Cunetas de carretera convertidas en vertederos. Restos de plástico por todos los rincones, cáscaras de pipas bajo el banco del parque infantil. Aguas freáticas saturadas de nitritos y herbicida. Coches descuartizados en el patio trasero. 

El turista rural afronta estoicamente tales inconvenientes a la hora de componer su oda al campo. A fin de cuentas, está acostumbrado a todos ellos.

Pero hay otro tipo de suciedad que no puede tolerar: el barro, las hojas secas y el estiércol. 

La ciudad no ha dejado de ser sucia, aunque a base de manguerazos pueda no parecerlo.

El campo se ha convertido en un lugar sucio, y a menudo lo parece.

El turista adora los cuentos de la abuela. Los viejos recuerdos y su dulce repostería.

Es eso lo que ha venido a buscar.

Las cosechadoras que invaden los dos carriles de la carretera o los jornaleros que andan por la cuneta no le interesan. Incluso parece que llegan a molestarle. Le han vendido un mundo rural que no se corresponde exactamente a lo que encuentra. 

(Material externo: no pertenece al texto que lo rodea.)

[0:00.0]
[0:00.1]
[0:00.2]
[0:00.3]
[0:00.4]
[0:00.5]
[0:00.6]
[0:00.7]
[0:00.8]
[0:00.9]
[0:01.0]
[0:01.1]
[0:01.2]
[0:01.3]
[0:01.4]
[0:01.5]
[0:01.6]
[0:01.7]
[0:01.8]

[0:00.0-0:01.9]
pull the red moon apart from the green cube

Y normalmente son sus moradores los que rompen la armonía del instante. 

Lo mismo les sucede a muchos que han ido a vivir al campo en busca de refugio.

A ellos no les molestan los cencerros de las vacas. Pero sí el hijo del vecino cuando pasa a cien por hora por detrás de casa. O el padre cuando vuelve de cazar con sus amigos.

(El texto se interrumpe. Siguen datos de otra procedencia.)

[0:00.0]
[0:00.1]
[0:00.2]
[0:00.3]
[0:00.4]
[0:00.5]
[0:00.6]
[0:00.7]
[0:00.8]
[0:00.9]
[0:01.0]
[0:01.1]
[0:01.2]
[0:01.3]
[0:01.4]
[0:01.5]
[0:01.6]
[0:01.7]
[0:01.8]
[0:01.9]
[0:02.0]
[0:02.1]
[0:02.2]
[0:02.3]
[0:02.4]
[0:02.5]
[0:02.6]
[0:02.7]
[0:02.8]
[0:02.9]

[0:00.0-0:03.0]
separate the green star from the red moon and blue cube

Ellos también han ido al campo esperando encontrar algo que respondiera a sus expectativas. Un entorno que habían construido en su mente mucho antes de llegar a conocerlo. El lugar donde sus sueños se harían realidad. El espacio profano en medio del océano de la cultura dominante que se convertiría en fuente de lo creador. 

Son jardineros de edenes.

Miman con detalle la pequeña parcela de su paraíso particular. Huyen de la vida a la que estaban destinados. La carrera universitaria o los turnos de la fábrica. El campo les ofrecía la oportunidad de reinventarse. Y en buena medida se sienten recompensados. El esfuerzo no ha sido, ni mucho menos, en balde. Pero como dice un viejo hortelano: «en el campo todo son contrarios». Él se refiere a los pobladores indeseables de la huerta, pero ellos lo interpretan de otra manera.

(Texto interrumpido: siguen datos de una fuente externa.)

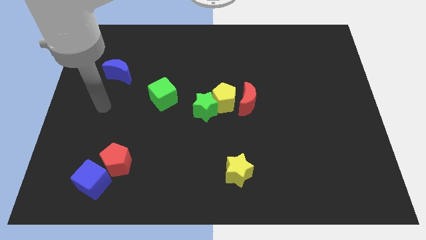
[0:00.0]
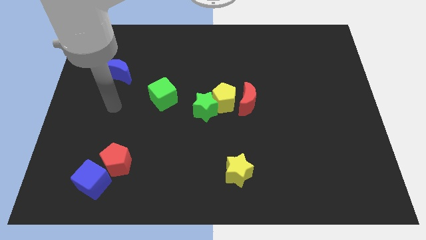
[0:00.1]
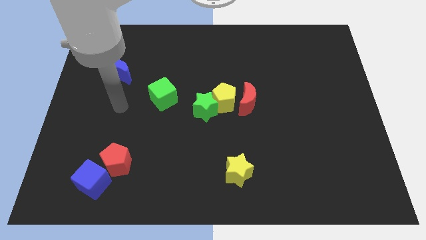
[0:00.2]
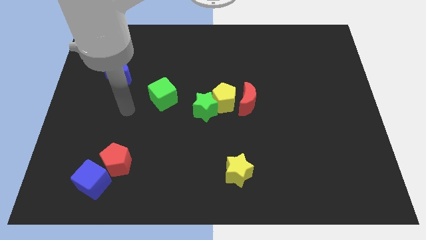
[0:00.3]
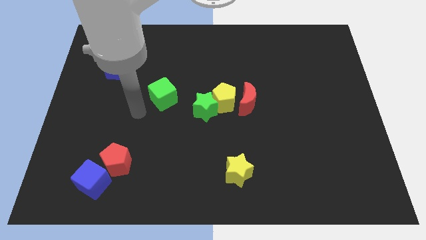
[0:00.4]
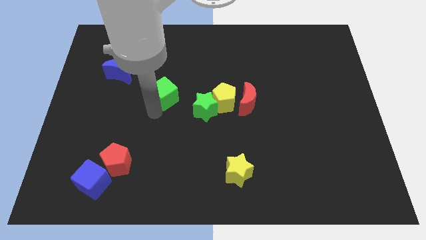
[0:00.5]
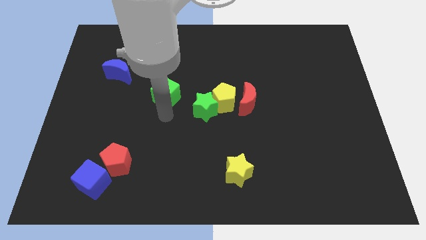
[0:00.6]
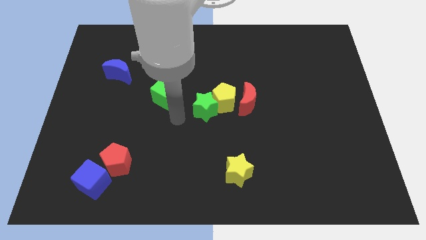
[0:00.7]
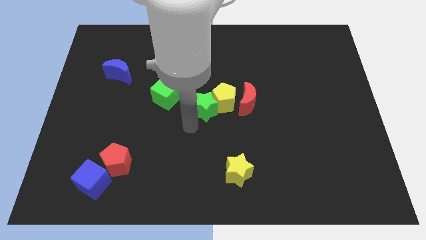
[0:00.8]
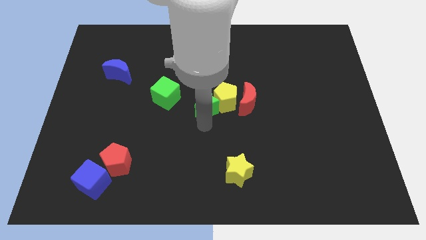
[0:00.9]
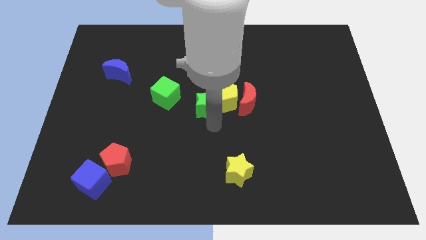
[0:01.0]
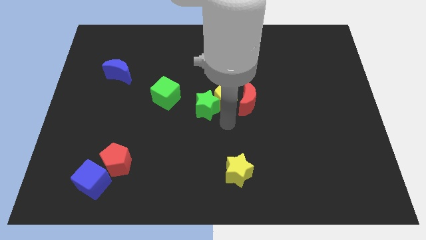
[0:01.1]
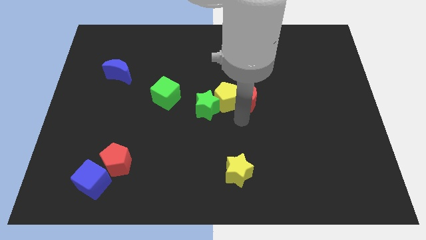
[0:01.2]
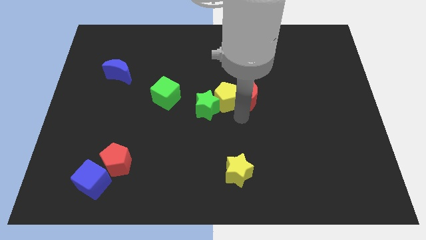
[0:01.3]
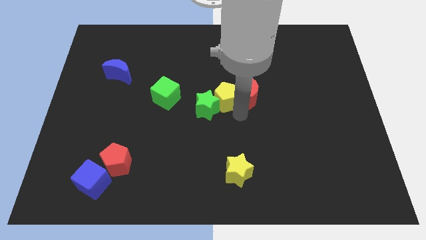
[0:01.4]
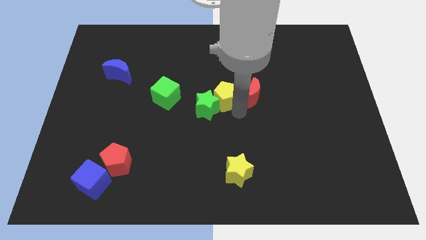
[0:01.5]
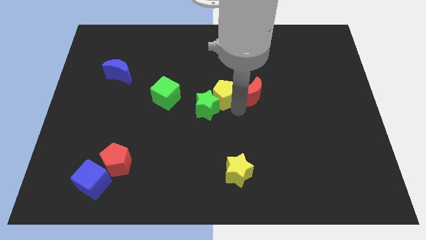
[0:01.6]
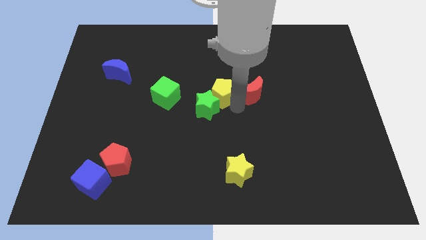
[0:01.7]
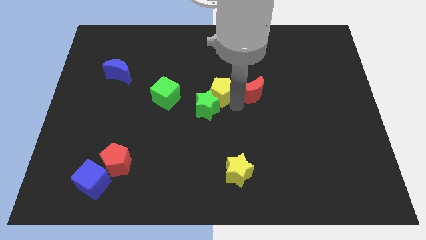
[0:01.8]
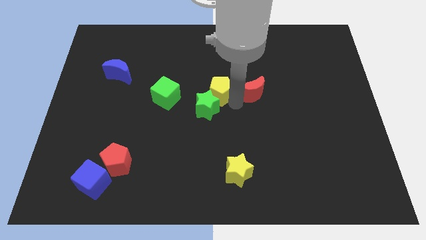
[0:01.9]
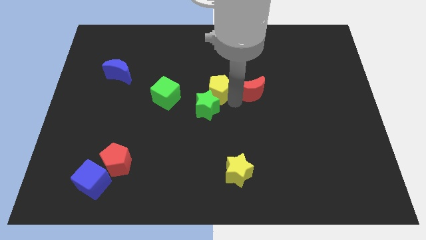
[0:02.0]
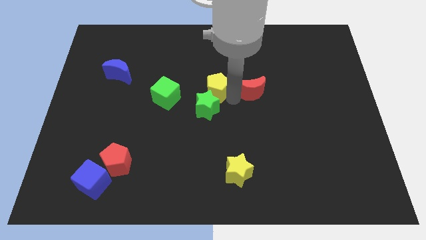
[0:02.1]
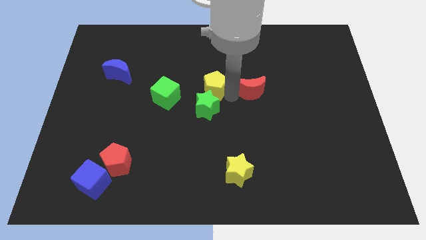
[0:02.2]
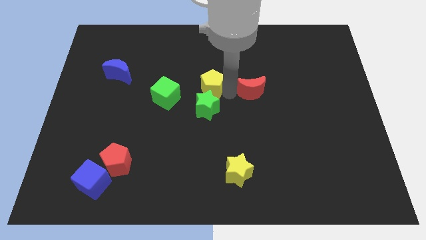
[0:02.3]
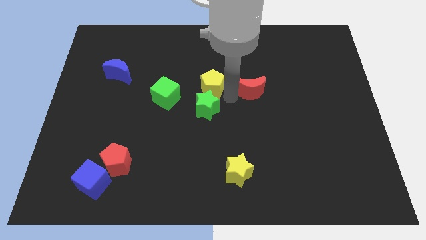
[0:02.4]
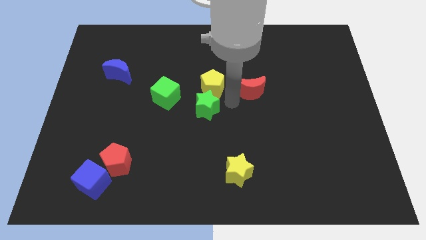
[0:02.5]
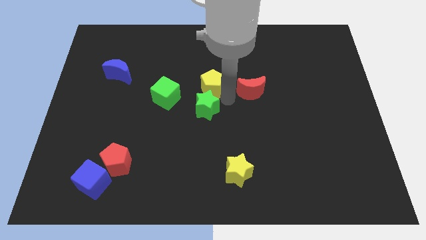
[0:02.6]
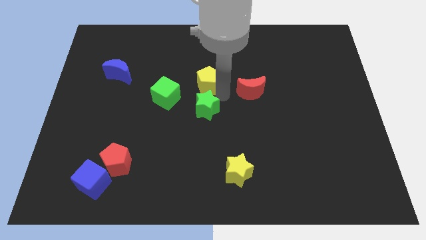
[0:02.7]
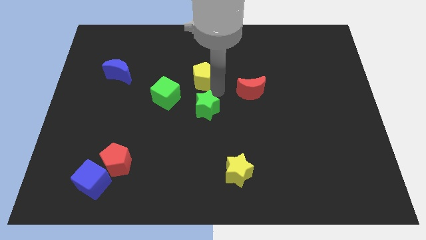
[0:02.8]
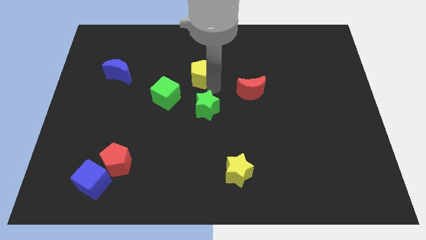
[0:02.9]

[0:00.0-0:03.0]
move the yellow pentagon away from the green star and red moon

No han encontrado a los campesinos que habían imaginado. Gentes cinceladas por un molde roto hace tiempo. Portadoras de un elenco de valores que, casualmente, coinciden con los suyos: conciencia ecológica, gusto por el trabajo vivo y por lo pequeño, cooperación, responsabilidad individual y colectiva, arraigo al territorio y a la memoria, espíritu crítico, curiosidad, pensamiento holístico, atención a la singularidad y a la heterogeneidad. 

No los han encontrado porque los campesinos ya no están ahí. El campo todavía no se ha vaciado del todo. No ha olvidado por completo lo que un día fue ni tampoco a los que le dieron forma. Pero no podemos cederles la palabra para que nos digan si se sienten reconocidos en las cualidades que estos peculiares recién llegados les atribuyen.

Badal, Marc. (2014) Vidas a la intemperie. Ed. Pepitas de calabaza & Ed. Cambalache.